The fit error vs n and K is interesting; I will see if I can figure out how to do that. Maybe R has already got some neat function that does it.

Setting n and regressing K, yes, that's almost what I desperately thought to do, but trouble is we need an estimate of both parameters, as we then need to calculate another important parameter i = s*K/(n-s), where s is the slope from another experiment. s is always >0 and <n. In most cases s is so much smaller than n that we can just use the K/n ratio and say i ≈ s*K/n. And indeed, it seems here that I am able to determine the ratio between K and n quite accurately, but not the two separately. There are however cases where n and s are of comparable magnitude, and then it makes a difference to say n=1 and K=3000 or n=2 and K=6000. Suppose s=0.9. In the first case i = 0.9 * 3000 / (1-0.9) = 27000. In the second case i = 0.9 * 6000 / (2-0.9) = 4909.
In fact as I'm writing this, I'm thinking that I'll have to check this one, because if we are lucky our slopes are generally quite small and we can do without all the fuss.
But as a general concept I would still like to learn how one can get around this issue. I didn't know the regression parameters could behave like this.

@Stephen Tashi
Yes, x is known exactly, with negligible error (dilution).
---
Addendum: I tried the nls command in R.
Silly trick from my part, I tried to regress x as a function of y, and of course got badly battered. In some cases I got semi-decent numbers, like n close to 1 or 2 and K in a reasonable range (maybe by chance), but in other cases 'singular gradient' errors or values of n close to 0.
I tried to regress y as a function of x, and then it was always singular gradient, no matter what data I plugged in!

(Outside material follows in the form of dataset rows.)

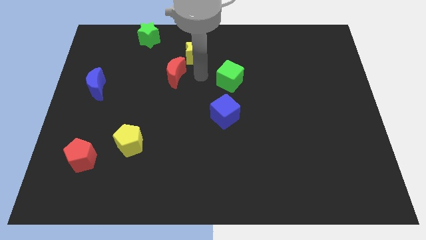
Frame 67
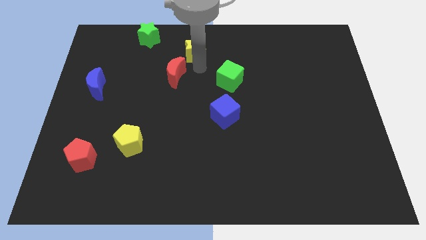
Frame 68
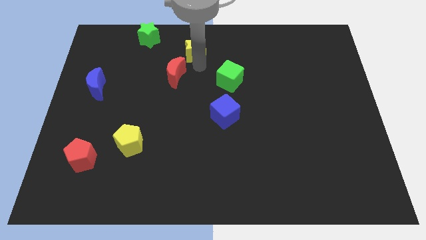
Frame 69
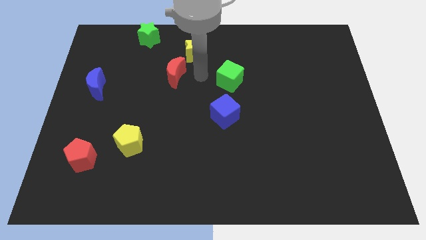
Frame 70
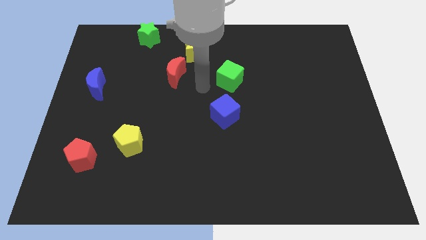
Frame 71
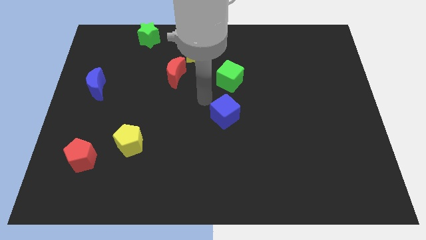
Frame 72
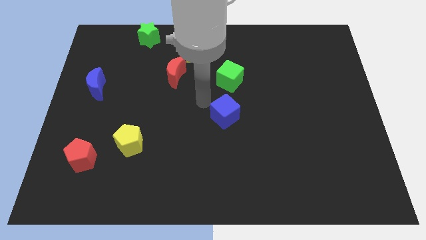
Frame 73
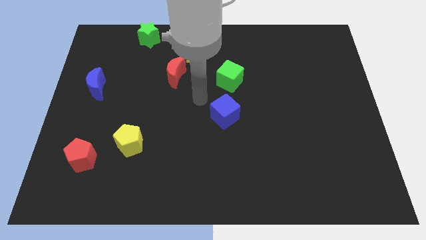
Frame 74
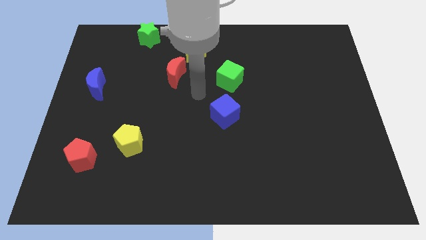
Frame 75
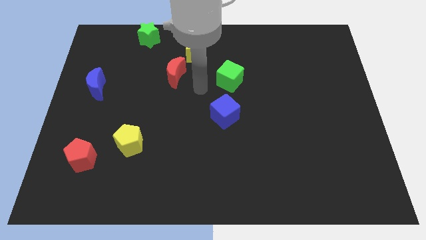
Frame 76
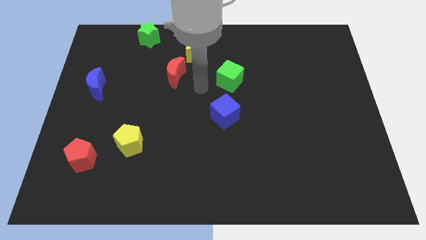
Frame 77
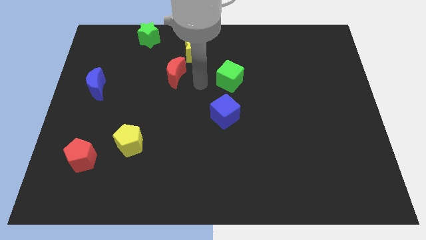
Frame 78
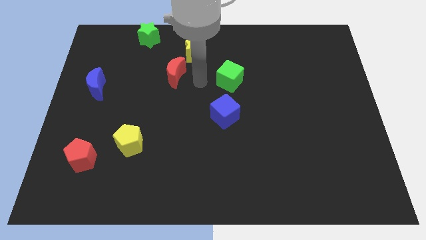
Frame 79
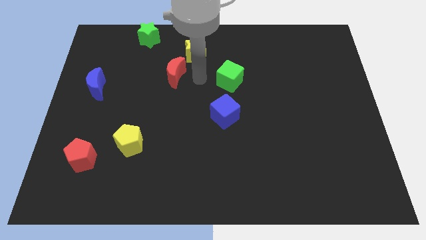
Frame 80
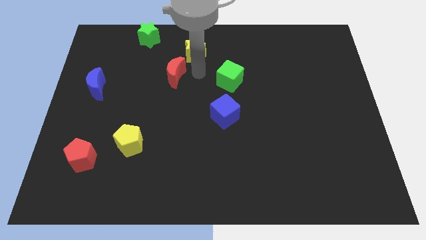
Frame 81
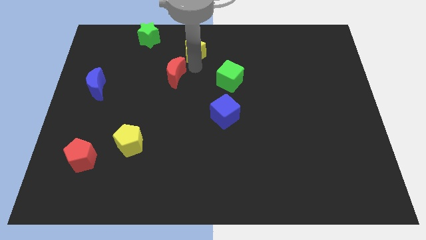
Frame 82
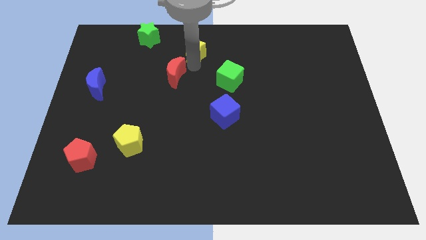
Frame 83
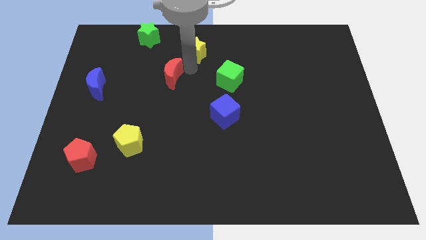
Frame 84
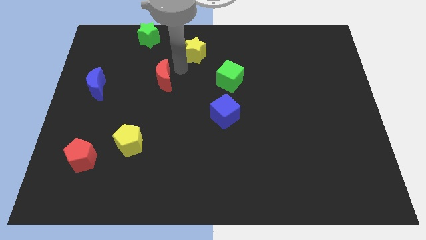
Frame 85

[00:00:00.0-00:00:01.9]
move the yellow star and the red moon away from each other

It would be interesting to know if a case like this one is 'bad' in general to handle, whatever one does, or if appropriate manipulation of the equation and choice of the solving algorithm may have an impact on the result.

6. Oct 12, 2016

### Staff: Mentor

Yes. My favorite approach in such cases is to do a quick Monte Carlo simulation. Just assume a reasonable distribution for A and B and calculate fu. Look to see if that calculated value looks similar to your actual measured data. Check to see if fu or log(fu) have normal distributions. Be sure to vary your parameters over a reasonable range to make sure the assumptions hold.

For something simple like B/A there is probably a theoretical solution, but I can do a Monte Carlo simulation faster than I could figure out what search term to even use.

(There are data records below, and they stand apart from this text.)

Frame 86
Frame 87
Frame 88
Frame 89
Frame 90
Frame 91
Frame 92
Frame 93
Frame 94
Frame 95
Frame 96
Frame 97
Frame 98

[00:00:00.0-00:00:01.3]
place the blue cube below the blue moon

I don't think that you can use this data to estimate both. I think you will need a different experiment.

Usually this is not an issue that you can get around with nonlinear regression. Basically you can just linearize it (which has its own problems) or perform a different experiment.

7. Oct 13, 2016

### DrDu

Funny, I am momentarily analysing data on Immunoglobulines binding to Albumine.

$K=\frac{(nx-D(1-y))Dy}{D(1-y)}$
or
$K(1-y)+Dy(1-y)=nxy$, which is from your expression.

Edit: First attempt of me was erroneous.

Last edited: Oct 13, 2016
8. Oct 13, 2016

### DrDu

So, let's rescale this, setting K'=K/D and x'=x/D.
We get $K'(1-y) +(1-y-nx')y=0$.
nx' is larger than 64, hence 1-y is negligible in the second bracket. All you can get is K/n=xy/(1-y), what you allready know.
You should make some experiments where x~D.